[Stored data]
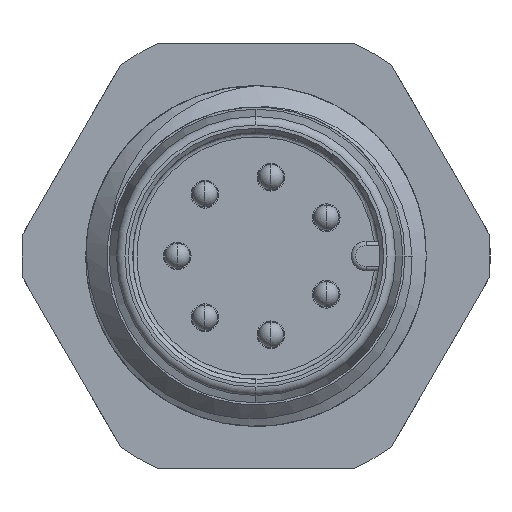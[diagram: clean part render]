
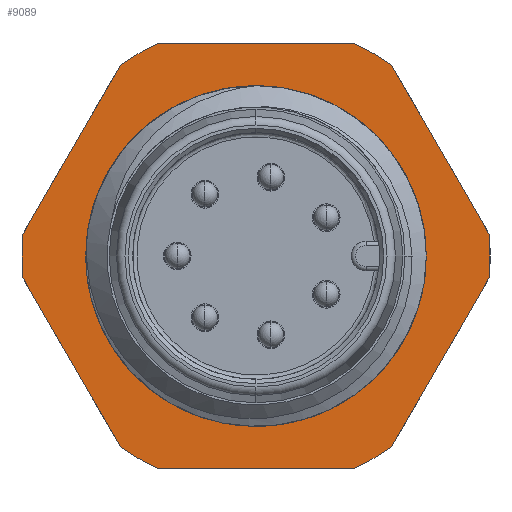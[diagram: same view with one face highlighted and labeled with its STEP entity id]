
A CAD part, left-side view. The second image highlights one B-rep face of the part: STEP entity #9089.
In plain terms, the highlighted planar face has unit normal (-1, 0, 0).
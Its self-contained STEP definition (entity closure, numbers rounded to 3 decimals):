
#4050=CARTESIAN_POINT('',(6.5,0.,0.));
#4051=DIRECTION('',(1.,0.,0.));
#4052=DIRECTION('',(0.,0.,1.));
#4053=AXIS2_PLACEMENT_3D('',#4050,#4051,#4052);
#4395=CARTESIAN_POINT('',(6.5,0.,0.));
#4396=DIRECTION('',(1.,0.,0.));
#4397=DIRECTION('',(0.,-1.,0.));
#4398=AXIS2_PLACEMENT_3D('',#4395,#4396,#4397);
#4493=CARTESIAN_POINT('',(6.5,0.,0.));
#4494=DIRECTION('',(1.,0.,0.));
#4495=DIRECTION('',(0.,-0.996,0.094));
#4496=AXIS2_PLACEMENT_3D('',#4493,#4494,#4495);
#4498=DIRECTION('',(0.,0.5,-0.866));
#4499=VECTOR('',#4498,4.583);
#4500=CARTESIAN_POINT('',(6.5,-5.476,-0.516));
#4501=LINE('',#4500,#4499);
#4502=CARTESIAN_POINT('',(6.5,0.,0.));
#4503=DIRECTION('',(1.,0.,0.));
#4504=DIRECTION('',(0.,-0.579,-0.815));
#4505=AXIS2_PLACEMENT_3D('',#4502,#4503,#4504);
#4507=DIRECTION('',(0.,1.,0.));
#4508=VECTOR('',#4507,4.583);
#4509=CARTESIAN_POINT('',(6.5,-2.291,-5.));
#4510=LINE('',#4509,#4508);
#4511=CARTESIAN_POINT('',(6.5,0.,0.));
#4512=DIRECTION('',(1.,0.,0.));
#4513=DIRECTION('',(0.,0.417,-0.909));
#4514=AXIS2_PLACEMENT_3D('',#4511,#4512,#4513);
#4516=DIRECTION('',(0.,0.5,0.866));
#4517=VECTOR('',#4516,4.583);
#4518=CARTESIAN_POINT('',(6.5,3.184,-4.484));
#4519=LINE('',#4518,#4517);
#4520=CARTESIAN_POINT('',(6.5,0.,0.));
#4521=DIRECTION('',(1.,0.,0.));
#4522=DIRECTION('',(0.,0.996,-0.094));
#4523=AXIS2_PLACEMENT_3D('',#4520,#4521,#4522);
#4525=DIRECTION('',(0.,-0.5,0.866));
#4526=VECTOR('',#4525,4.583);
#4527=CARTESIAN_POINT('',(6.5,5.476,0.516));
#4528=LINE('',#4527,#4526);
#4529=CARTESIAN_POINT('',(6.5,0.,0.));
#4530=DIRECTION('',(1.,0.,0.));
#4531=DIRECTION('',(0.,0.579,0.815));
#4532=AXIS2_PLACEMENT_3D('',#4529,#4530,#4531);
#4534=DIRECTION('',(0.,-1.,0.));
#4535=VECTOR('',#4534,4.583);
#4536=CARTESIAN_POINT('',(6.5,2.291,5.));
#4537=LINE('',#4536,#4535);
#4538=CARTESIAN_POINT('',(6.5,0.,0.));
#4539=DIRECTION('',(1.,0.,0.));
#4540=DIRECTION('',(0.,-0.417,0.909));
#4541=AXIS2_PLACEMENT_3D('',#4538,#4539,#4540);
#4543=DIRECTION('',(0.,-0.5,-0.866));
#4544=VECTOR('',#4543,4.583);
#4545=CARTESIAN_POINT('',(6.5,-3.184,4.484));
#4546=LINE('',#4545,#4544);
#8038=CARTESIAN_POINT('',(6.5,-5.476,0.516));
#8039=CARTESIAN_POINT('',(6.5,-5.476,-0.516));
#8040=VERTEX_POINT('',#8038);
#8041=VERTEX_POINT('',#8039);
#8042=CARTESIAN_POINT('',(6.5,-3.184,-4.484));
#8043=VERTEX_POINT('',#8042);
#8044=CARTESIAN_POINT('',(6.5,-2.291,-5.));
#8045=VERTEX_POINT('',#8044);
#8046=CARTESIAN_POINT('',(6.5,2.291,-5.));
#8047=VERTEX_POINT('',#8046);
#8048=CARTESIAN_POINT('',(6.5,3.184,-4.484));
#8049=VERTEX_POINT('',#8048);
#8050=CARTESIAN_POINT('',(6.5,5.476,-0.516));
#8051=VERTEX_POINT('',#8050);
#8052=CARTESIAN_POINT('',(6.5,5.476,0.516));
#8053=VERTEX_POINT('',#8052);
#8054=CARTESIAN_POINT('',(6.5,3.184,4.484));
#8055=VERTEX_POINT('',#8054);
#8056=CARTESIAN_POINT('',(6.5,2.291,5.));
#8057=VERTEX_POINT('',#8056);
#8058=CARTESIAN_POINT('',(6.5,-2.291,5.));
#8059=VERTEX_POINT('',#8058);
#8060=CARTESIAN_POINT('',(6.5,-3.184,4.484));
#8061=VERTEX_POINT('',#8060);
#8067=CARTESIAN_POINT('',(6.5,0.,4.));
#8069=VERTEX_POINT('',#8067);
#8084=CARTESIAN_POINT('',(6.5,-4.,0.));
#8085=VERTEX_POINT('',#8084);
#9054=CARTESIAN_POINT('',(6.5,0.,0.));
#9055=DIRECTION('',(1.,0.,0.));
#9056=DIRECTION('',(0.,0.,1.));
#9057=AXIS2_PLACEMENT_3D('',#9054,#9055,#9056);
#9058=PLANE('',#9057);
#9060=ORIENTED_EDGE('',*,*,#9059,.T.);
#9062=ORIENTED_EDGE('',*,*,#9061,.T.);
#9064=ORIENTED_EDGE('',*,*,#9063,.T.);
#9066=ORIENTED_EDGE('',*,*,#9065,.T.);
#9068=ORIENTED_EDGE('',*,*,#9067,.T.);
#9070=ORIENTED_EDGE('',*,*,#9069,.T.);
#9072=ORIENTED_EDGE('',*,*,#9071,.T.);
#9074=ORIENTED_EDGE('',*,*,#9073,.T.);
#9076=ORIENTED_EDGE('',*,*,#9075,.T.);
#9078=ORIENTED_EDGE('',*,*,#9077,.T.);
#9080=ORIENTED_EDGE('',*,*,#9079,.T.);
#9082=ORIENTED_EDGE('',*,*,#9081,.T.);
#9083=EDGE_LOOP('',(#9060,#9062,#9064,#9066,#9068,#9070,#9072,#9074,#9076,#9078,
#9080,#9082));
#9084=FACE_OUTER_BOUND('',#9083,.F.);
#9085=ORIENTED_EDGE('',*,*,#9035,.F.);
#9086=ORIENTED_EDGE('',*,*,#8656,.F.);
#9087=EDGE_LOOP('',(#9085,#9086));
#9088=FACE_BOUND('',#9087,.F.);
#4054=CIRCLE('',#4053,4.);
#4399=CIRCLE('',#4398,4.);
#4497=CIRCLE('',#4496,5.5);
#4506=CIRCLE('',#4505,5.5);
#4515=CIRCLE('',#4514,5.5);
#4524=CIRCLE('',#4523,5.5);
#4533=CIRCLE('',#4532,5.5);
#4542=CIRCLE('',#4541,5.5);
#8656=EDGE_CURVE('',#8069,#8085,#4054,.T.);
#9035=EDGE_CURVE('',#8085,#8069,#4399,.T.);
#9059=EDGE_CURVE('',#8040,#8041,#4497,.T.);
#9061=EDGE_CURVE('',#8041,#8043,#4501,.T.);
#9063=EDGE_CURVE('',#8043,#8045,#4506,.T.);
#9065=EDGE_CURVE('',#8045,#8047,#4510,.T.);
#9067=EDGE_CURVE('',#8047,#8049,#4515,.T.);
#9069=EDGE_CURVE('',#8049,#8051,#4519,.T.);
#9071=EDGE_CURVE('',#8051,#8053,#4524,.T.);
#9073=EDGE_CURVE('',#8053,#8055,#4528,.T.);
#9075=EDGE_CURVE('',#8055,#8057,#4533,.T.);
#9077=EDGE_CURVE('',#8057,#8059,#4537,.T.);
#9079=EDGE_CURVE('',#8059,#8061,#4542,.T.);
#9081=EDGE_CURVE('',#8061,#8040,#4546,.T.);
#9089=ADVANCED_FACE('',(#9084,#9088),#9058,.F.);
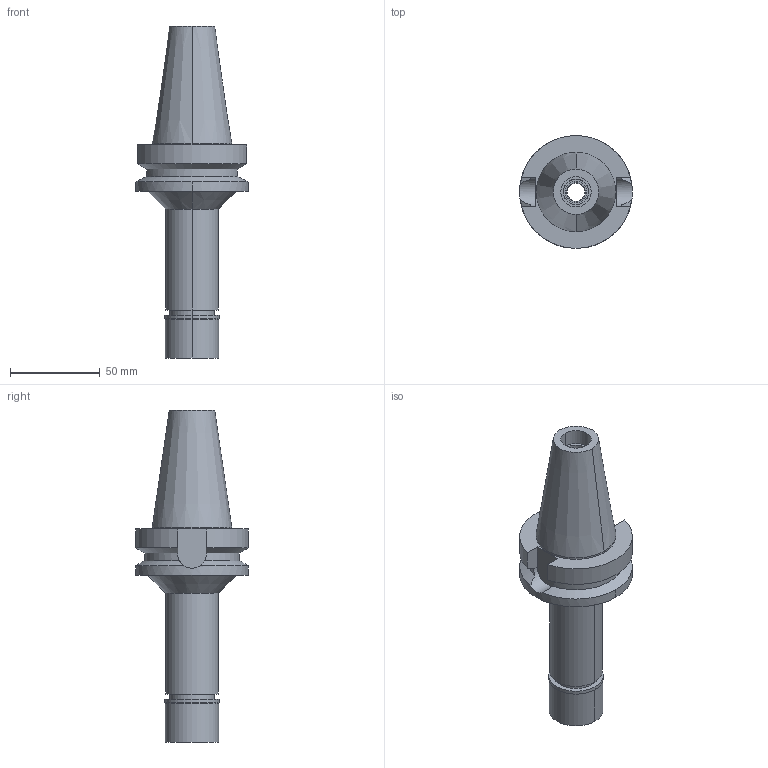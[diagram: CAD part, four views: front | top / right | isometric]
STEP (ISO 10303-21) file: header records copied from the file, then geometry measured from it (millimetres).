
FILE_DESCRIPTION((''),'2;1');
FILE_NAME('BBT40MN10120-100_ASM','2018-05-21T',('ykawabe'),(''),'CREO PARAMETRIC BY PTC INC, 2016380','CREO PARAMETRIC BY PTC INC, 2016380','');
FILE_SCHEMA(('AUTOMOTIVE_DESIGN { 1 0 10303 214 1 1 1 1 }'));
Length unit declared in the file: millimetre
Products named in the file (5): BBT40-MEGA10N-120_1; NBC10-10_1; MGN10_1; DXF_TEMP_ASSY_ASM_4_ASM; BBT40MN10120-100_ASM
Assembly tree (4 placements, depth 3):
  BBT40MN10120-100_ASM
    DXF_TEMP_ASSY_ASM_4_ASM
      BBT40-MEGA10N-120_1
      NBC10-10_1
      MGN10_1
Bounding box: 63 x 63 x 185.4 mm (x, y, z)
Volume: 180785.7 mm3; surface area: 39993.1 mm2
Topology: 3 solids, 3 shells, 95 faces, 217 edges, 145 vertices
Faces by surface type: cylinder 48, plane 29, cone 18
Entity records: 4322 total; most frequent: CARTESIAN_POINT 563, DIRECTION 562, ORIENTED_EDGE 434, AXIS2_PLACEMENT_3D 242, PRESENTATION_STYLE_ASSIGNMENT 225, STYLED_ITEM 225, CURVE_STYLE 222, EDGE_CURVE 217

Problem description: Print, exactly as written, the lines above from the first one to the one containing "#4539=DIRECTION('',(1.,0.,0.));". Leave out pictures.

Exercise result:
[diagram: clean part render]
[diagram: same view with one face highlighted and labeled with its STEP entity id]
A CAD part, left-side view. The second image highlights one B-rep face of the part: STEP entity #9089.
In plain terms, the highlighted planar face has unit normal (-1, 0, 0).
Its self-contained STEP definition (entity closure, numbers rounded to 3 decimals):
#4050=CARTESIAN_POINT('',(6.5,0.,0.));
#4051=DIRECTION('',(1.,0.,0.));
#4052=DIRECTION('',(0.,0.,1.));
#4053=AXIS2_PLACEMENT_3D('',#4050,#4051,#4052);
#4395=CARTESIAN_POINT('',(6.5,0.,0.));
#4396=DIRECTION('',(1.,0.,0.));
#4397=DIRECTION('',(0.,-1.,0.));
#4398=AXIS2_PLACEMENT_3D('',#4395,#4396,#4397);
#4493=CARTESIAN_POINT('',(6.5,0.,0.));
#4494=DIRECTION('',(1.,0.,0.));
#4495=DIRECTION('',(0.,-0.996,0.094));
#4496=AXIS2_PLACEMENT_3D('',#4493,#4494,#4495);
#4498=DIRECTION('',(0.,0.5,-0.866));
#4499=VECTOR('',#4498,4.583);
#4500=CARTESIAN_POINT('',(6.5,-5.476,-0.516));
#4501=LINE('',#4500,#4499);
#4502=CARTESIAN_POINT('',(6.5,0.,0.));
#4503=DIRECTION('',(1.,0.,0.));
#4504=DIRECTION('',(0.,-0.579,-0.815));
#4505=AXIS2_PLACEMENT_3D('',#4502,#4503,#4504);
#4507=DIRECTION('',(0.,1.,0.));
#4508=VECTOR('',#4507,4.583);
#4509=CARTESIAN_POINT('',(6.5,-2.291,-5.));
#4510=LINE('',#4509,#4508);
#4511=CARTESIAN_POINT('',(6.5,0.,0.));
#4512=DIRECTION('',(1.,0.,0.));
#4513=DIRECTION('',(0.,0.417,-0.909));
#4514=AXIS2_PLACEMENT_3D('',#4511,#4512,#4513);
#4516=DIRECTION('',(0.,0.5,0.866));
#4517=VECTOR('',#4516,4.583);
#4518=CARTESIAN_POINT('',(6.5,3.184,-4.484));
#4519=LINE('',#4518,#4517);
#4520=CARTESIAN_POINT('',(6.5,0.,0.));
#4521=DIRECTION('',(1.,0.,0.));
#4522=DIRECTION('',(0.,0.996,-0.094));
#4523=AXIS2_PLACEMENT_3D('',#4520,#4521,#4522);
#4525=DIRECTION('',(0.,-0.5,0.866));
#4526=VECTOR('',#4525,4.583);
#4527=CARTESIAN_POINT('',(6.5,5.476,0.516));
#4528=LINE('',#4527,#4526);
#4529=CARTESIAN_POINT('',(6.5,0.,0.));
#4530=DIRECTION('',(1.,0.,0.));
#4531=DIRECTION('',(0.,0.579,0.815));
#4532=AXIS2_PLACEMENT_3D('',#4529,#4530,#4531);
#4534=DIRECTION('',(0.,-1.,0.));
#4535=VECTOR('',#4534,4.583);
#4536=CARTESIAN_POINT('',(6.5,2.291,5.));
#4537=LINE('',#4536,#4535);
#4538=CARTESIAN_POINT('',(6.5,0.,0.));
#4539=DIRECTION('',(1.,0.,0.));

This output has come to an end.